Finland used to operate a two-tier system for the treatment of electronic cigarette and vaping products, and then the Tobacco Products Directive simplified the situation. That said, the sale of eliquids containing nicotine remained illegal until November last year. Traditionally, the majority of Finnish vapers purchased their products from abroad, via the internet.
Kaari Paaso, head of the harm prevention unit, said: “The Finnish approach is revolutionary. We want to get rid of all tobacco products. Experts agree that the Finnish government is using innovation and creativity to get everyone to kick the habit.”
He can wrap up the approach in fancy words and anonymous plaudits, but it amounts to nothing more than the ‘quit or die’ favoured by anti-vaping campaigners. The government isn’t going to encourage the use of safer products, it’s embracing the absurd precautionary principle which means that public spaces are going to be targeted.
“We don't want to fall into the trap of other policies that have less harmful products. We want to phase out all products,” says Paaso, not going into depth to explain what traps exist in the embracing of harm reduction policies.
One of the immediate changes has been felt as of the start of the year – a tax of €0.30/ml has been applied to nicotine and nic-free eliquids. That’s an extra €3 (£2.50) on every 10ml bottle.

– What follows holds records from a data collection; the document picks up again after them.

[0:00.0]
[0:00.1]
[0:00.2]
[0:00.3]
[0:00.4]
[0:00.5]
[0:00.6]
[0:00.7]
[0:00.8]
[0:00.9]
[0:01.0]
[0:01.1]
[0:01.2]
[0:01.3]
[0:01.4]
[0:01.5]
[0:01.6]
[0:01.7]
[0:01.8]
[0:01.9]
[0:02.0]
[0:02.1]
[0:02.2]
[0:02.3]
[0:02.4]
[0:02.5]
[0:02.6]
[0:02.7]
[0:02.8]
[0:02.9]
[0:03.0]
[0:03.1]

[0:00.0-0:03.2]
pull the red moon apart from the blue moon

Vaughan Rees, a director at Harvard’s school of public health, mentions: “The evidence suggests increasing pricing is the single most effective way to reduce demand. In states where we see the highest tax rates, we see the lowest prevalence.”
The government has also banned the variety of juice flavours available for sale in the nation’s vape stores, restricting choice to just “tobacco”, as part of the new tobacco act. Matters worsen further for the 50,000 Finnish vapers, cross-border sales are set to be banned this summer as the government adopts those options within the Tobacco Products Directive that enable it to impose a harsh regime.

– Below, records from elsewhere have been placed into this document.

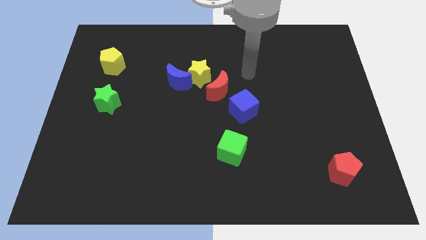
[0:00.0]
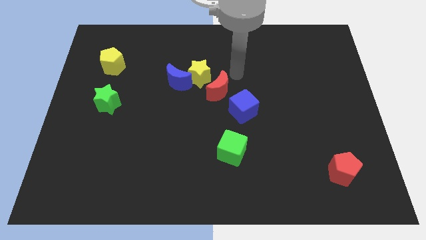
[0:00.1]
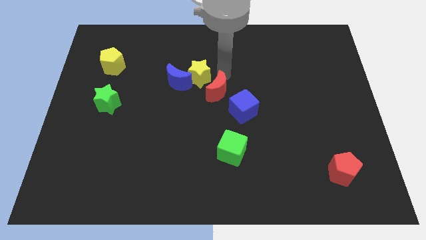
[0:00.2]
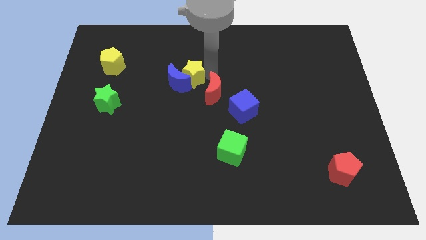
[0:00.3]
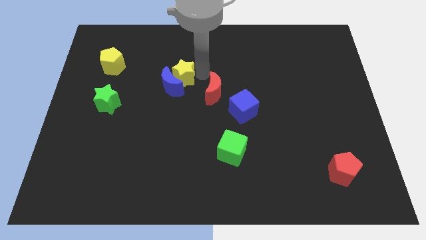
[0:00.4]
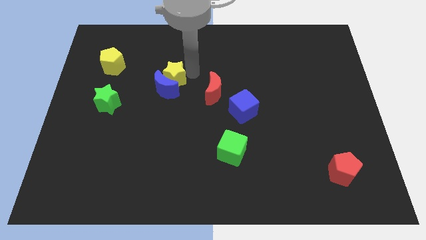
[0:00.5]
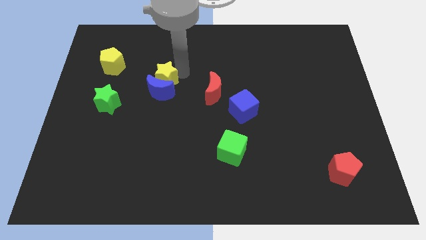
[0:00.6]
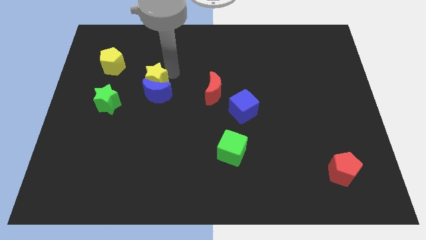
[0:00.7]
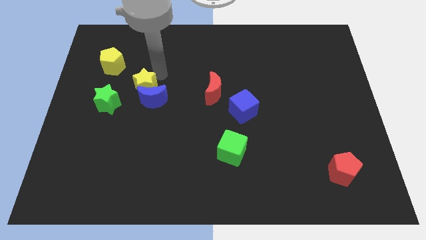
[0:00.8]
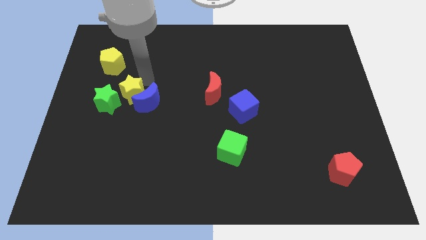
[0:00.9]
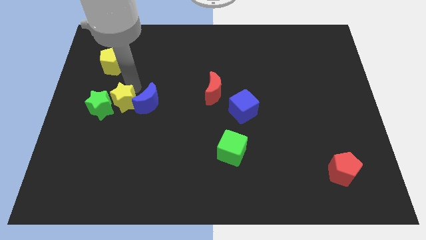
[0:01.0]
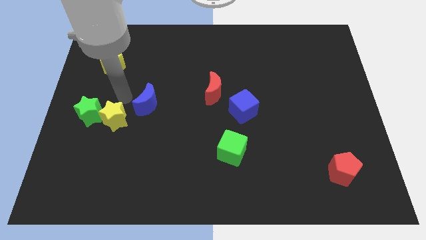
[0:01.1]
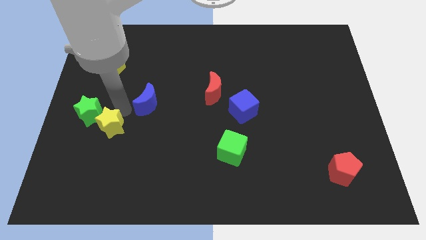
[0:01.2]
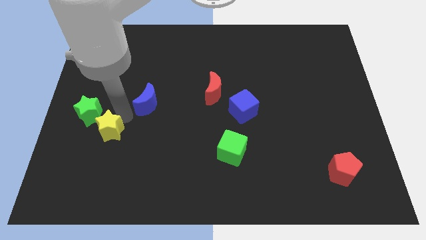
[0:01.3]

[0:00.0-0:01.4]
move the blue moon away from the yellow star

Paaso adds: “E-cigarettes are sold in normal shops, but we have strict rules. They cannot have any distinctive taste. Our approach is this basic idea to phase out all nicotine products.”
Also, as Paaso points out, vape stores have been hit with a hefty one-off licensing fee and ongoing annual fees based on the number of checkouts it operates: “There's quite a high fee to license it and to sell it. This has resulted in criticism from small shop owners and big stores.”
In a snapshot, it is possible to see exactly how much worse it could have been in the UK had parliament adopted a harsher version of the TPD.